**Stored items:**
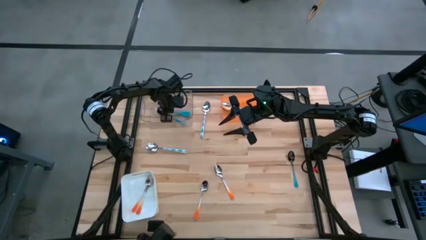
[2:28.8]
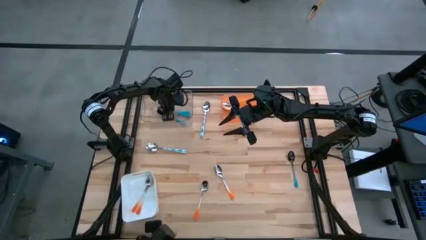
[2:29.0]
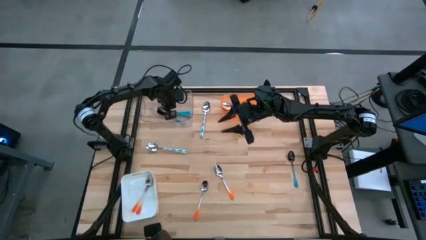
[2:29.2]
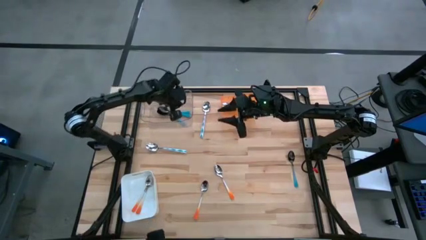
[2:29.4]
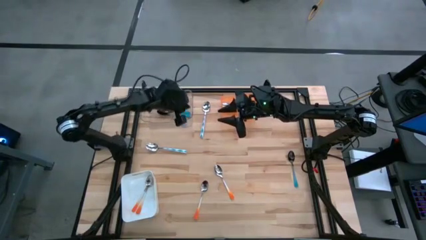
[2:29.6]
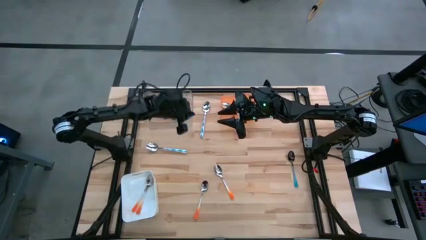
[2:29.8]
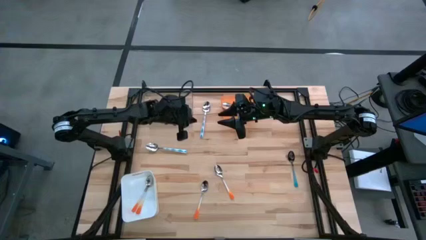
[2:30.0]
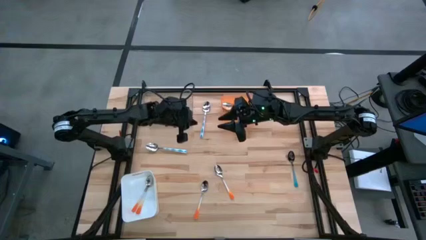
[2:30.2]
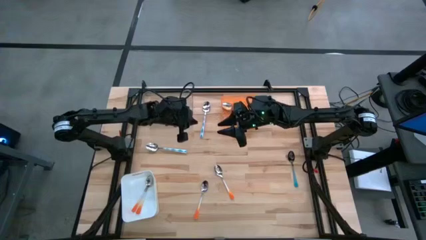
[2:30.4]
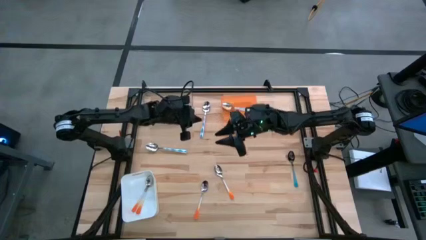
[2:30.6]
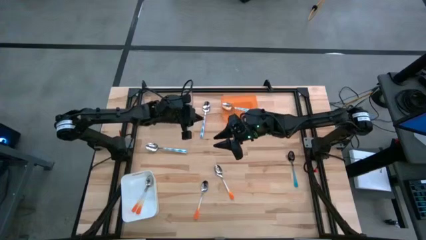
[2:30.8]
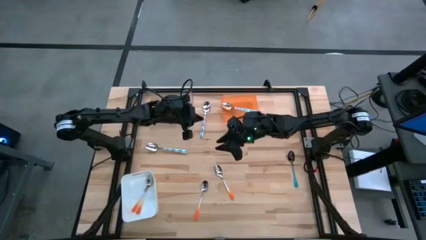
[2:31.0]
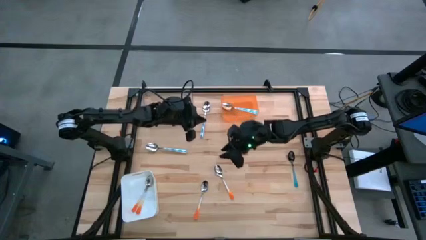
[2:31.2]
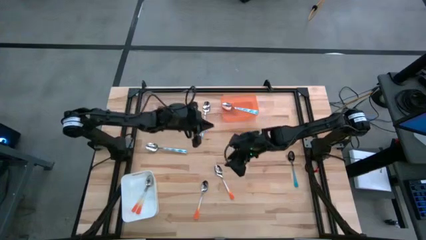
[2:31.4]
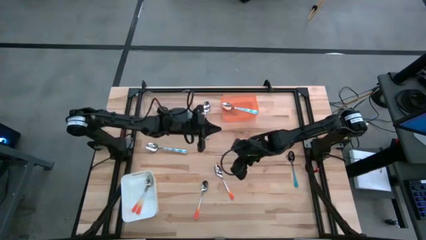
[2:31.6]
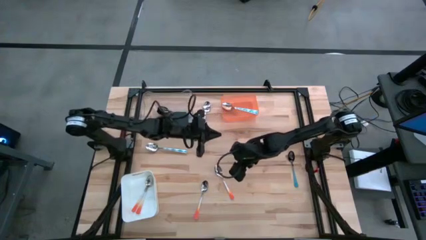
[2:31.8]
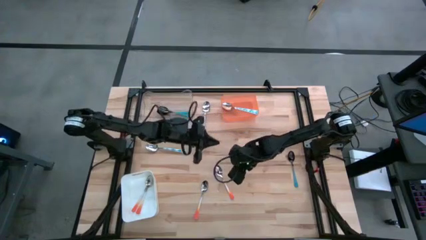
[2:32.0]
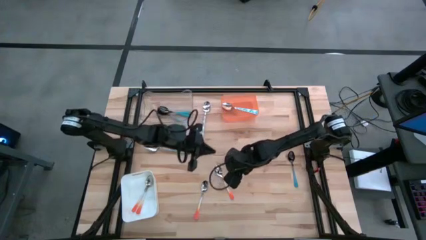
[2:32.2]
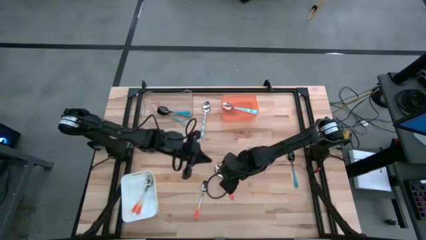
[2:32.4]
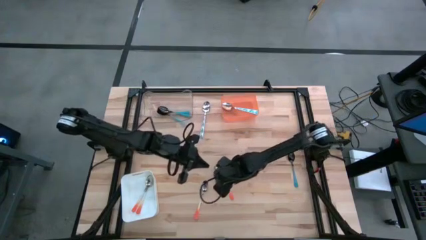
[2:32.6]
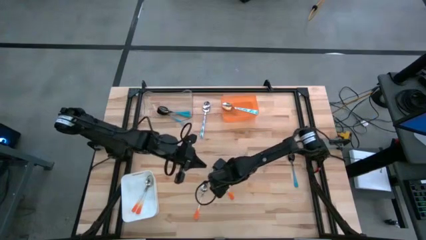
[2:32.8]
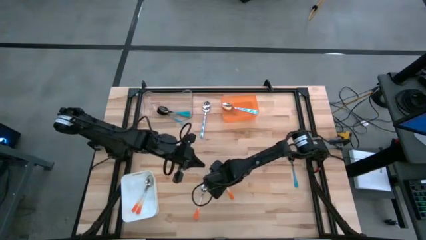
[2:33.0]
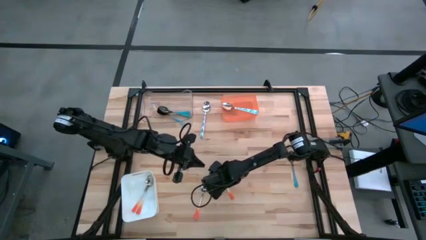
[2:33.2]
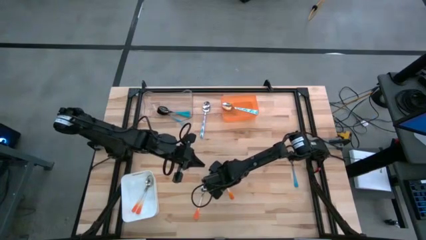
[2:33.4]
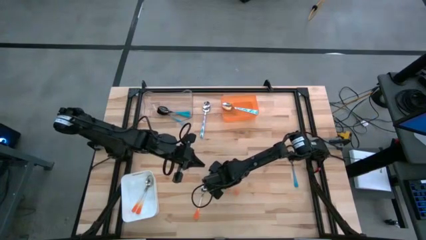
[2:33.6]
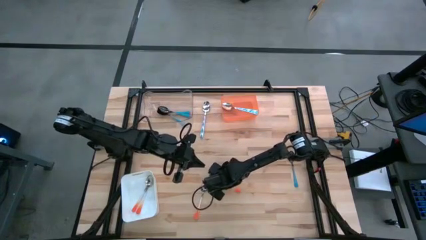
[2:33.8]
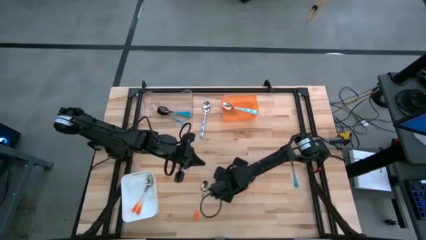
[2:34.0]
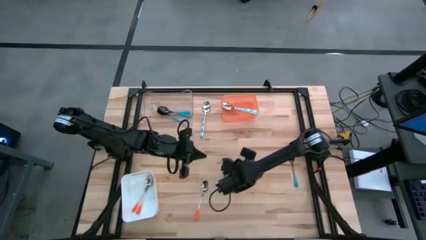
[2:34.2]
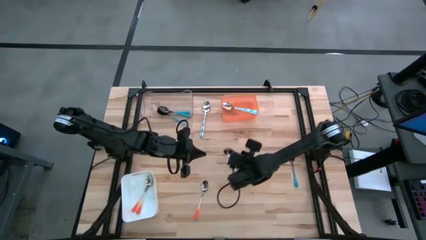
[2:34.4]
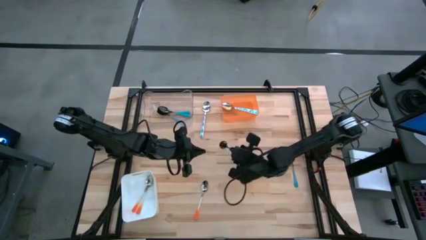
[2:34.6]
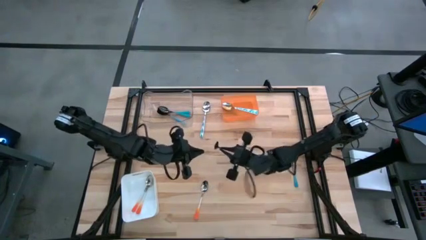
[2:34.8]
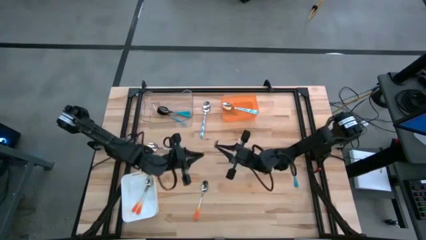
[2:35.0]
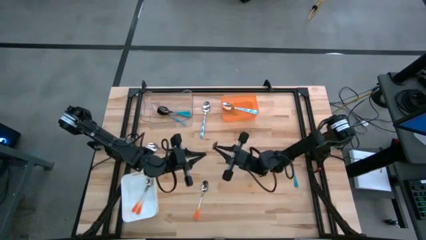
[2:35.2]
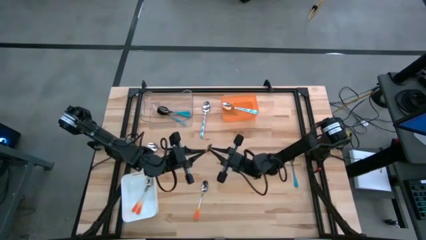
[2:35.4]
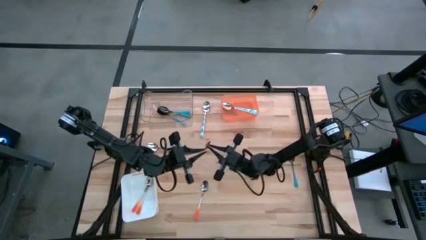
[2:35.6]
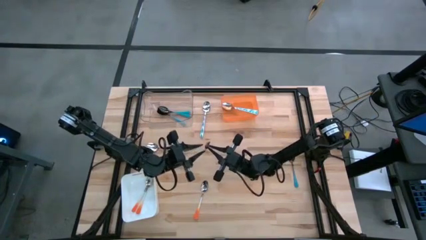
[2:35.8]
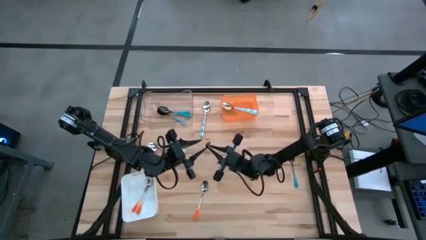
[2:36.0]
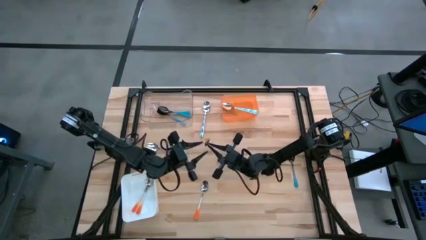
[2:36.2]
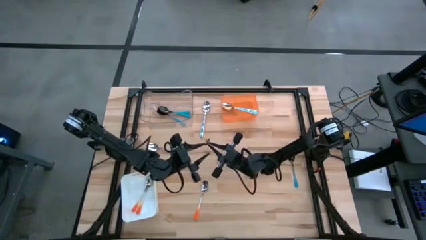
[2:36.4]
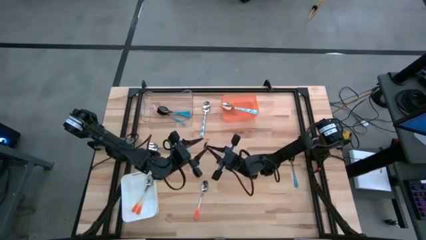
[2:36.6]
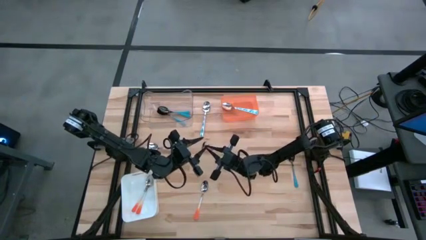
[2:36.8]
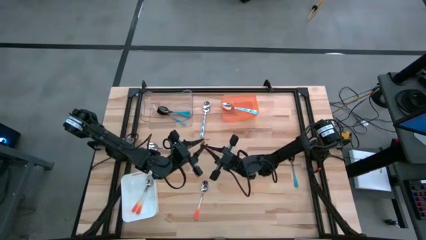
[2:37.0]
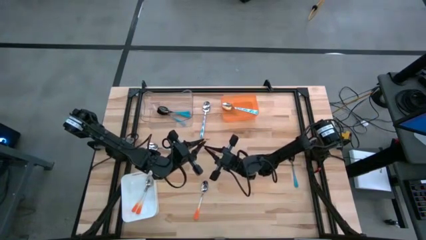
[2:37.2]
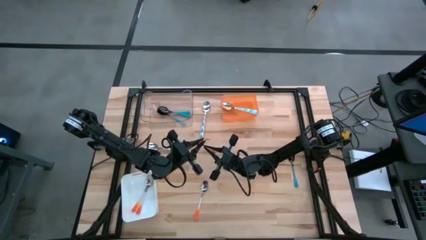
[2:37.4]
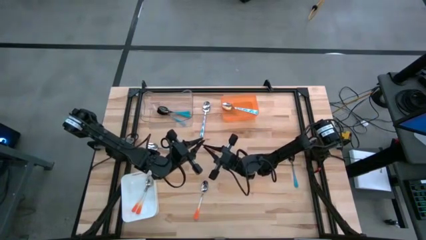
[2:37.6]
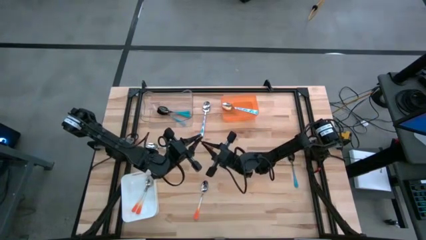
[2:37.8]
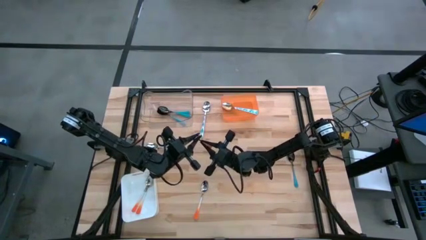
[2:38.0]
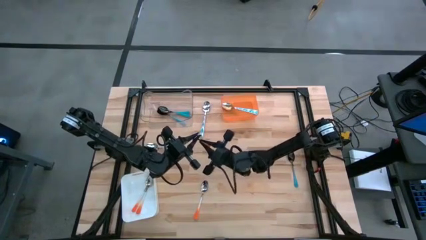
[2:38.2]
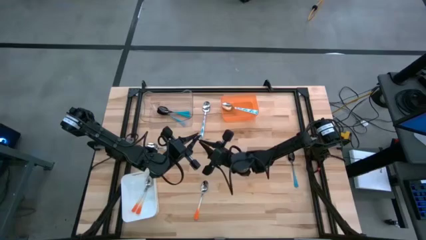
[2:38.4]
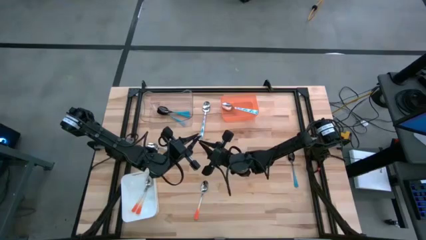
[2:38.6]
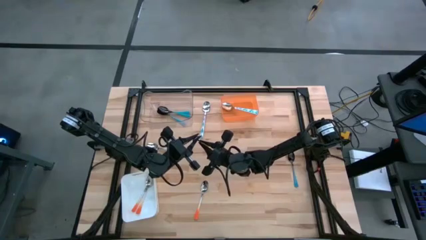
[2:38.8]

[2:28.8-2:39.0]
Task: Sort silverware by color (type)
Put the orange spoon into the white bin

**WHAT YOU ARE ASKED TO DO:** Could you set down the records above word for word, without any of the pictures?

**EXPECTED ANSWER:**
[2:28.8]
[2:29.0]
[2:29.2]
[2:29.4]
[2:29.6]
[2:29.8]
[2:30.0]
[2:30.2]
[2:30.4]
[2:30.6]
[2:30.8]
[2:31.0]
[2:31.2]
[2:31.4]
[2:31.6]
[2:31.8]
[2:32.0]
[2:32.2]
[2:32.4]
[2:32.6]
[2:32.8]
[2:33.0]
[2:33.2]
[2:33.4]
[2:33.6]
[2:33.8]
[2:34.0]
[2:34.2]
[2:34.4]
[2:34.6]
[2:34.8]
[2:35.0]
[2:35.2]
[2:35.4]
[2:35.6]
[2:35.8]
[2:36.0]
[2:36.2]
[2:36.4]
[2:36.6]
[2:36.8]
[2:37.0]
[2:37.2]
[2:37.4]
[2:37.6]
[2:37.8]
[2:38.0]
[2:38.2]
[2:38.4]
[2:38.6]
[2:38.8]

[2:28.8-2:39.0]
Task: Sort silverware by color (type)
Put the orange spoon into the white bin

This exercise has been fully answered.